Designing solutions in each of these technologies of big-iron, virtualization, clusters & grid and in Cloud world has really been challenging and keeps the job lively…

Thursday, January 3, 2013

Small & Big Data processing philosophies

In this first post of 2013, I would like to cover some fundamental philosophical aspects of “data” & “processing”.
As the buzz around “Big Data” going on high, I have classified the original structured, relational data as “small data” even though some very large databases I have seen having 100+ Terabytes of data with an IO volume of 150+ Terabytes per day.  
Present day data processing predominantly uses Von-Neumann architecture of computing in which “Data” and its “processing” are distinct and separated into “memory” and “processor” connected by a “bus”.  Any data that need to be processed will be moved into processor using the bus and then the required arithmetic or logical operation happens on it producing the “result” of the operation. Then the result will be moved to “memory/storage” for further reference.  Also, the list of operations to be performed (the processing logic or program) is stored in the “memory” as well. One needs to move the next instruction to be carried out into the processor from memory using the bus.
So in essence both the data and the operation that needs performing will be in memory which can’t process data and the facility that can process data is always dependent on the memory in the Von-Neumann architecture.
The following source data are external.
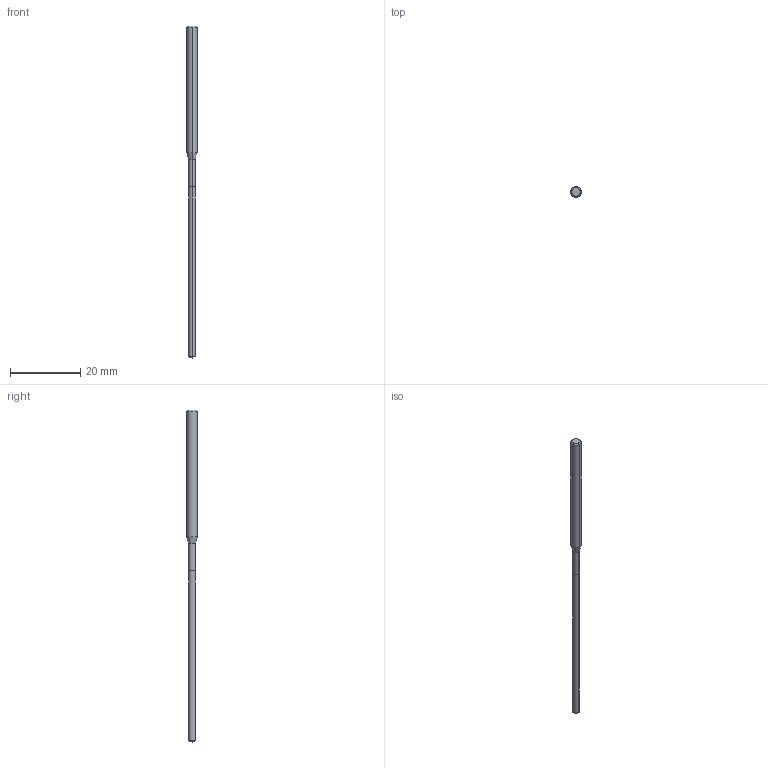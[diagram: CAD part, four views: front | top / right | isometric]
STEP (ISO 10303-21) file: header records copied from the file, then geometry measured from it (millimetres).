
FILE_DESCRIPTION(/* description */ (''),/* implementation_level */ '2;1');
FILE_NAME(/* name */ 'MVS0193X25S030.stp',/* time_stamp */ '2020-08-20T09:25:40+09:00',/* author */ (''),/* organization */ (''),/* preprocessor_version */ 'ST-DEVELOPER v16',/* originating_system */ 'SIEMENS PLM Software NX 10.0',/* authorisation */ '');
FILE_SCHEMA (('AUTOMOTIVE_DESIGN { 1 0 10303 214 3 1 1 1 }'));
Length unit declared in the file: millimetre
Products named in the file (1): MVS0193X25S030_ASM
Bounding box: 3 x 3 x 94.35 mm (x, y, z)
Volume: 427.9 mm3; surface area: 709.1 mm2
Topology: 2 solids, 2 shells, 15 faces, 32 edges, 28 vertices
Faces by surface type: cylinder 6, cone 6, plane 3
Entity records: 562 total; most frequent: DIRECTION 102, CARTESIAN_POINT 79, ORIENTED_EDGE 52, AXIS2_PLACEMENT_3D 43, EDGE_CURVE 26, STYLED_ITEM 24, PRESENTATION_STYLE_ASSIGNMENT 24, CURVE_STYLE 17

Traditionally, the “data” has been moved into a place where the processing logic is deployed as the amount of data is small when compared to the amount of processing needed is relatively large involving the complex logic. In the RDBMS engines like Oracle read the blocks of storage into the SGA buffer cache of running database instance for processing. The transactions were modifying small amounts of data at any given time.
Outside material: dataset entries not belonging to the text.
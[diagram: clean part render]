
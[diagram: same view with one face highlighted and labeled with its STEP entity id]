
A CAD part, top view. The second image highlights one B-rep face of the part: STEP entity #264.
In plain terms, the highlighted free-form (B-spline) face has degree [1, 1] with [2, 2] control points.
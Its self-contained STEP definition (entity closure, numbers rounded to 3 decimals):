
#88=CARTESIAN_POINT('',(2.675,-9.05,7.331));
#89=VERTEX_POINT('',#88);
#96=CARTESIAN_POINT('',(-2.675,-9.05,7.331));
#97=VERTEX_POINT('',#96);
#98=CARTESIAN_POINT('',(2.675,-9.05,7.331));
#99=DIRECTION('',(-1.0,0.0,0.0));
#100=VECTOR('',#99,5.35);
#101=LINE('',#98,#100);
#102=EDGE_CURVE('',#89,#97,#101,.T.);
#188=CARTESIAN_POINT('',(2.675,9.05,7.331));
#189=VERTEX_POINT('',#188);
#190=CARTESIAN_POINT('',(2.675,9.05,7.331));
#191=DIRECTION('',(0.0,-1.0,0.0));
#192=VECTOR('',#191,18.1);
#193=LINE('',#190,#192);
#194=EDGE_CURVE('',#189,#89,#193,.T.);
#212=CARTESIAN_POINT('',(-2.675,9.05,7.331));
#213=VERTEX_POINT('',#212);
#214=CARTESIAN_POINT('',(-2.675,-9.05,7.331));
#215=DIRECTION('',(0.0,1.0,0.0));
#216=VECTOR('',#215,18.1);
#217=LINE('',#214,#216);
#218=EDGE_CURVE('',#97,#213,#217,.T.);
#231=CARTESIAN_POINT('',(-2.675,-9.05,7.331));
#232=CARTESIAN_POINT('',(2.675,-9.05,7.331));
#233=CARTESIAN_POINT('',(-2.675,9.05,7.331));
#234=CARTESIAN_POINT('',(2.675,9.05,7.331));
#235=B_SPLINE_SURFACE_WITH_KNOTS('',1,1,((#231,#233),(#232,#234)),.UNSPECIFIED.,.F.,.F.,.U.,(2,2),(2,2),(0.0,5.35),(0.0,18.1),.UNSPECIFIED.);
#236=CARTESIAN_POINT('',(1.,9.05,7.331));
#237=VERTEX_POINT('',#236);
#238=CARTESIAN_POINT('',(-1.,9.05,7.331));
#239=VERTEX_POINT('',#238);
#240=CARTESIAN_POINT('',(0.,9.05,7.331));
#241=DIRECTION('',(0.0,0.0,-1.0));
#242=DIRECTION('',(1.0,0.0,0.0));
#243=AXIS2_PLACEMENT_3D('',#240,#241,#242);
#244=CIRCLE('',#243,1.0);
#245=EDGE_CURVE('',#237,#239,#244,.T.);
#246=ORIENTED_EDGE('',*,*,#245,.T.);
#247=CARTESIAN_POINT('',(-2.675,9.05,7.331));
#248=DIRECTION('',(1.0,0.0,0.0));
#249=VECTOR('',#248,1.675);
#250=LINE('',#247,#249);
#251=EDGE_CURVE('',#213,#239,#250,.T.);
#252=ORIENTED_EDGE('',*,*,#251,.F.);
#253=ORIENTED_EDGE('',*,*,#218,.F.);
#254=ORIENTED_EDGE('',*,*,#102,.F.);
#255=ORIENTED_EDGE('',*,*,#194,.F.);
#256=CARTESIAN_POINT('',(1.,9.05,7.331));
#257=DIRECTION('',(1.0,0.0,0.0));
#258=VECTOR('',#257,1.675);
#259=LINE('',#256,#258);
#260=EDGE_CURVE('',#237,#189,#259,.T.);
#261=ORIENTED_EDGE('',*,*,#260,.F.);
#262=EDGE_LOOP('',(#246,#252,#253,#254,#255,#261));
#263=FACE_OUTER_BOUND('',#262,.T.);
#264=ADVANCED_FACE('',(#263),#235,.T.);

Over a period of time “analytical processing” that required to bring huge amounts of data from storage into processing node which created a bottleneck on the network pipe. Add to that there is a large growth in the semi-structured and unstructured data that started flowing which needed a different philosophy towards data processing.
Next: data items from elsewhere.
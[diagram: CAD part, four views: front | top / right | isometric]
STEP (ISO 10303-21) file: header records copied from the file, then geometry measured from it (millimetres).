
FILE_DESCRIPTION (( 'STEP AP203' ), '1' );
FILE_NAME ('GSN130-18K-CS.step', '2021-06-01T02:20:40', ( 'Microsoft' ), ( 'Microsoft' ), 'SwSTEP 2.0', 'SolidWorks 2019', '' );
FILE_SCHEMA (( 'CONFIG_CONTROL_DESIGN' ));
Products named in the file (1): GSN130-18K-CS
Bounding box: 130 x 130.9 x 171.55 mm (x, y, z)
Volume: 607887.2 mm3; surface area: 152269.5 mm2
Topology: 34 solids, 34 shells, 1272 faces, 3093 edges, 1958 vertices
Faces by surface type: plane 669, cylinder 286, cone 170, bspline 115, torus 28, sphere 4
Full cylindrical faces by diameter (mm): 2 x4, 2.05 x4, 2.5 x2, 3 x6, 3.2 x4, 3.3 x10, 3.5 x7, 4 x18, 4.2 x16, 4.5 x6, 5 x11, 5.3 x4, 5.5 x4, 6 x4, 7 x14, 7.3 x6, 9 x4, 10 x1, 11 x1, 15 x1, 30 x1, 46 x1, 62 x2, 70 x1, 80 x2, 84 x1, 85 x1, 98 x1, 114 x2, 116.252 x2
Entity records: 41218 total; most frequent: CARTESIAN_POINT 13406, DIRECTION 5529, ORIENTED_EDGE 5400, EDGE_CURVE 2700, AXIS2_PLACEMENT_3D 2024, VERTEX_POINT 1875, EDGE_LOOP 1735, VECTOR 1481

There comes the HDFS and map-reduce framework of Hadoop which took the processing to the data. During the same time comes Oracle Exadata which took the database processing to storage layer with a feature called “query offloading”
In the new paradigm, the snippets of processing logic are being taken to a cluster of connected nodes where the data mapped with a hashing algorithm resides and results of processing then reduced to finally produce result sets. It is now becoming economical to take the processing to data as the amount of data is relatively large and the required processing is fairly simple tasks of matching, aggregating, indexing etc.,
So, we now have choice of taking small amounts of data to complex processing with structured RDBMS engines with shared-everything architecture of traditional model as well as taking processing to data in the shared-nothing big data architectures. It purely depends on the type of “data processing” problem in hand and neither traditional RDBMS technologies will be replaced by new big data architectures, nor could the new big-data problems be solved by traditional RDBMS technologies. They go hand-in-hand complementing each other while adding value to the business when properly implemented.
The non-Von-Neumann architectures still need better attention by the technologists which will probably hold the key to the way human brain processes and deals with the information seamlessly either it is structured or non-structured streams of voice, video etc., with ease. 
Any non-Von-Neumann architecture enthusiasts over here?